◆ What is expected ◆
The job is to find each line in the entries holding the string "STEP" and copy that line.

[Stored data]
===

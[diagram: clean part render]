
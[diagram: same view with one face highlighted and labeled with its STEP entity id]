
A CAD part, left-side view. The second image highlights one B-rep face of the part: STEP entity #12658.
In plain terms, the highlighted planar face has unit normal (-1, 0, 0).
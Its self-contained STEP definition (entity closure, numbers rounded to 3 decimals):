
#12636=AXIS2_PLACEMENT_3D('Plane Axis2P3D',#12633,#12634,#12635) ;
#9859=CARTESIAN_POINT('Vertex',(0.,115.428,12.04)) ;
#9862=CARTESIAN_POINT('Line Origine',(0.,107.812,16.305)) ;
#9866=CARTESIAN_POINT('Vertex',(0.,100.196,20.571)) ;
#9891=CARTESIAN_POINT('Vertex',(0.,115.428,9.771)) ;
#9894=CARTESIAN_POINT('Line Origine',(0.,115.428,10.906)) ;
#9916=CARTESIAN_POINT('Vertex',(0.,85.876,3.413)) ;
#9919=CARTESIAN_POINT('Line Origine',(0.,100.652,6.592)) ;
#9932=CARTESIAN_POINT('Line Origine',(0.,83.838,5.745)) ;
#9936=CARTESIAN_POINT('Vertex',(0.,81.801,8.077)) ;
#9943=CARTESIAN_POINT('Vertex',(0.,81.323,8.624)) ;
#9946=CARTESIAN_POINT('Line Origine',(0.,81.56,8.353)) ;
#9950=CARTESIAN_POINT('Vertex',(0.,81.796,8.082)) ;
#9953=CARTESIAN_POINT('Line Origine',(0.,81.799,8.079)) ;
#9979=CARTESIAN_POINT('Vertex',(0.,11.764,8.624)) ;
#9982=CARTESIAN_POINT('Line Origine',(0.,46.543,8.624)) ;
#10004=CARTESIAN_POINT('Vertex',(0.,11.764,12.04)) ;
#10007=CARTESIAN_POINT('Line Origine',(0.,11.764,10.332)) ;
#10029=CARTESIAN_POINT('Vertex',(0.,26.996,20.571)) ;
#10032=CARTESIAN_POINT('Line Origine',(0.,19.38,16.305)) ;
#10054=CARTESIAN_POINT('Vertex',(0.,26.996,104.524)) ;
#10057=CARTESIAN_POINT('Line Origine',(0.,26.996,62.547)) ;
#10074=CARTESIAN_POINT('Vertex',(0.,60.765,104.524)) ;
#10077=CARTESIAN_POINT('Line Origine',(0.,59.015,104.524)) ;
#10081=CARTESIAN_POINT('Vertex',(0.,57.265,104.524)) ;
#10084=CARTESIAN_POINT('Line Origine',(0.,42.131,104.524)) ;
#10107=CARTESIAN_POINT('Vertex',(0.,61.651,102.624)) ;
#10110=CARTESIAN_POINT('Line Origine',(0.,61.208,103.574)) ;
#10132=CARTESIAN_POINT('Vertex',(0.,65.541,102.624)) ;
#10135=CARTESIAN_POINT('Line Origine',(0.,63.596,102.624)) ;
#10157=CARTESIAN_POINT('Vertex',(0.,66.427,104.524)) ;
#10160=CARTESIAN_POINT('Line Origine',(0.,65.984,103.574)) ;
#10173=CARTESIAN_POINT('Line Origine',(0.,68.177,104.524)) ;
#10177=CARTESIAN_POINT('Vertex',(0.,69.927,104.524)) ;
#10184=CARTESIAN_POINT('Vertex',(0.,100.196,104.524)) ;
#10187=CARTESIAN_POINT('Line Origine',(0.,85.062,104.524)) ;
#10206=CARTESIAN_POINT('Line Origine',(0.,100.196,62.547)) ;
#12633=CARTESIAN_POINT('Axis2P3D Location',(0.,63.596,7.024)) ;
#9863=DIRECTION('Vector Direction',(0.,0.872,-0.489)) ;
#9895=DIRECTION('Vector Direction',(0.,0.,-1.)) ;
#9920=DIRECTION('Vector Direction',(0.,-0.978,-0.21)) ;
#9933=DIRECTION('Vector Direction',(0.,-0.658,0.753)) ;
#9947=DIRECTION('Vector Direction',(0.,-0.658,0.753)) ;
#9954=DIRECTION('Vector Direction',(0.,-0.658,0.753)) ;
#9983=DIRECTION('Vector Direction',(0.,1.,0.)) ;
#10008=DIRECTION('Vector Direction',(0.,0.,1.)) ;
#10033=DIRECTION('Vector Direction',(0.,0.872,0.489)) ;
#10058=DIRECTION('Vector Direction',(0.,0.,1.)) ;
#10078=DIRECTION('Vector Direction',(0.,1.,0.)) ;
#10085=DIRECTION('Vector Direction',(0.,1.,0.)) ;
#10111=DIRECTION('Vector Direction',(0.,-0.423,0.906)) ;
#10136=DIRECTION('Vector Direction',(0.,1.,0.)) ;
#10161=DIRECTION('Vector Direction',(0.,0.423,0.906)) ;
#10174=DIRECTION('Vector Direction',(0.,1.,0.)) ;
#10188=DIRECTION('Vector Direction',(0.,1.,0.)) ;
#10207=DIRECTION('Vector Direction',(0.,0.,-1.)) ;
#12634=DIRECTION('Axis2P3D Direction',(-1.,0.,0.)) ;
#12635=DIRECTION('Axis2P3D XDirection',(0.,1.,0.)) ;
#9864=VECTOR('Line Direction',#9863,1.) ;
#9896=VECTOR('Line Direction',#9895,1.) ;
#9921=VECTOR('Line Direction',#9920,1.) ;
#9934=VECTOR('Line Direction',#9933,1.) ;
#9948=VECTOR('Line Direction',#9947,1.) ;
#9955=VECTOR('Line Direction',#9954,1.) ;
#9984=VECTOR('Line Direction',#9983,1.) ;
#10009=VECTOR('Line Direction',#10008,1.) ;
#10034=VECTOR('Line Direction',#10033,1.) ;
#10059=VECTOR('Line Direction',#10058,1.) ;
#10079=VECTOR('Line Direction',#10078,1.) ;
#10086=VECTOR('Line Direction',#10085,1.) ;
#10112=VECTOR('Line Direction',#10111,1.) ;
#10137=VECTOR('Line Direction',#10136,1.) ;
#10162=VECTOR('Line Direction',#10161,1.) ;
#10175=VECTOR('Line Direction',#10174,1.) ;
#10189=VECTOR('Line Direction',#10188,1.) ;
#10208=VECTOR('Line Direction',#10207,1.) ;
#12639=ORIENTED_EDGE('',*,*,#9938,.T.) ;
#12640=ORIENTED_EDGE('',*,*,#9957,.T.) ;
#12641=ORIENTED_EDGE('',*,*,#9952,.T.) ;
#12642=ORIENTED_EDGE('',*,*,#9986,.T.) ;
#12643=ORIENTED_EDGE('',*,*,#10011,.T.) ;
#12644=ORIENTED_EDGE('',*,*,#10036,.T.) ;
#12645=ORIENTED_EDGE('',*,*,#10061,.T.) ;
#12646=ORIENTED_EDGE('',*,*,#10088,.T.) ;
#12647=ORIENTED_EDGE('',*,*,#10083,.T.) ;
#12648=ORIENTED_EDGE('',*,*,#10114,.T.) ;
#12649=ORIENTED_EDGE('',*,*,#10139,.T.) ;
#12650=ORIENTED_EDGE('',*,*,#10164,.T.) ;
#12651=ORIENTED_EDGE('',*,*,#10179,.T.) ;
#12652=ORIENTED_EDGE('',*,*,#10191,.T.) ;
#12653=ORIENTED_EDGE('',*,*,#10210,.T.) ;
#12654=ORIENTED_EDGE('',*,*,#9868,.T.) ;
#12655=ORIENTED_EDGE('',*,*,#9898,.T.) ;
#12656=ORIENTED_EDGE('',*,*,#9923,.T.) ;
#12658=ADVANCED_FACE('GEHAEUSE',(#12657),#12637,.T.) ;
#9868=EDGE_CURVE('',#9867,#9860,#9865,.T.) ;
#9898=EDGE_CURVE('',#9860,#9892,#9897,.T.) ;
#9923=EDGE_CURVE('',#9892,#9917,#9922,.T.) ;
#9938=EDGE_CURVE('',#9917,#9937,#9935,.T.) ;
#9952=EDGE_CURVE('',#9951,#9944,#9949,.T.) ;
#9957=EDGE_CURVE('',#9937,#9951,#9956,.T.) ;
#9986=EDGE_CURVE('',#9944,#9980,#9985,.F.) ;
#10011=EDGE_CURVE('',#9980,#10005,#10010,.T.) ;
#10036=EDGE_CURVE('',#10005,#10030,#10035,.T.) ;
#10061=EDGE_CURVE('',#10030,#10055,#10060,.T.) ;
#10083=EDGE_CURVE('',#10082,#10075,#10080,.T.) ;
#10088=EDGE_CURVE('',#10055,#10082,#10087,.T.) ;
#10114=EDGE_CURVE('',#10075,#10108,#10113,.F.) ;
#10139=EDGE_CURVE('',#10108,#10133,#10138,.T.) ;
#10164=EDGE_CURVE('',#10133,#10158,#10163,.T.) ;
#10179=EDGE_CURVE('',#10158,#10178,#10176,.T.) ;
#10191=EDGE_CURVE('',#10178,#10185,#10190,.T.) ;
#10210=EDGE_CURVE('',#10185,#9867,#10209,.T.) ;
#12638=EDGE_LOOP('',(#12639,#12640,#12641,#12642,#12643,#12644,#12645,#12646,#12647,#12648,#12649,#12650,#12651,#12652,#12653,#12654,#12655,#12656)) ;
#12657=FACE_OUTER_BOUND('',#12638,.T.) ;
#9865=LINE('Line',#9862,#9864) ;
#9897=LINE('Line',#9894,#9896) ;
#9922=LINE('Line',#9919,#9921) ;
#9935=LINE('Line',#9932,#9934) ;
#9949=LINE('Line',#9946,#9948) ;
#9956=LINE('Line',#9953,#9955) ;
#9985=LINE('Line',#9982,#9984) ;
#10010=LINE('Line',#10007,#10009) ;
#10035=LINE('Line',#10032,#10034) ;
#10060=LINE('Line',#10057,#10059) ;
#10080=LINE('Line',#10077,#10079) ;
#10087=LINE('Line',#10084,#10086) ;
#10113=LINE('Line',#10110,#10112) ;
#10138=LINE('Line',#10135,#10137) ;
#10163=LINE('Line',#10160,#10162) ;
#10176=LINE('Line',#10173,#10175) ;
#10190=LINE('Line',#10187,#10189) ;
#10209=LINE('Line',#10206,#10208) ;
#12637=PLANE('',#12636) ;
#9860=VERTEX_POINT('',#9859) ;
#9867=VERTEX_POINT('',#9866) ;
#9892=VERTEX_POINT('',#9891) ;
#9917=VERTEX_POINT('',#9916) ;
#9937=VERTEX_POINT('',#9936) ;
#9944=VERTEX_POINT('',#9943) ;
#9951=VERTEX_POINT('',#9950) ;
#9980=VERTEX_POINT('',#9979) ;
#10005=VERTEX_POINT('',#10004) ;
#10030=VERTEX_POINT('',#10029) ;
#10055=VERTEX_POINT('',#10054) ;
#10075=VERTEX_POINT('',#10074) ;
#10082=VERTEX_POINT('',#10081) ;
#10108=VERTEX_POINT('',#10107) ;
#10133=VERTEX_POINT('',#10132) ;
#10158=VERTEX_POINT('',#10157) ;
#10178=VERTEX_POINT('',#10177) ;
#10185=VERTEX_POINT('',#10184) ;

===

◆ Solution for this task ◆
[diagram: same view with one face highlighted and labeled with its STEP entity id]
A CAD part, left-side view. The second image highlights one B-rep face of the part: STEP entity #12658.
Its self-contained STEP definition (entity closure, numbers rounded to 3 decimals):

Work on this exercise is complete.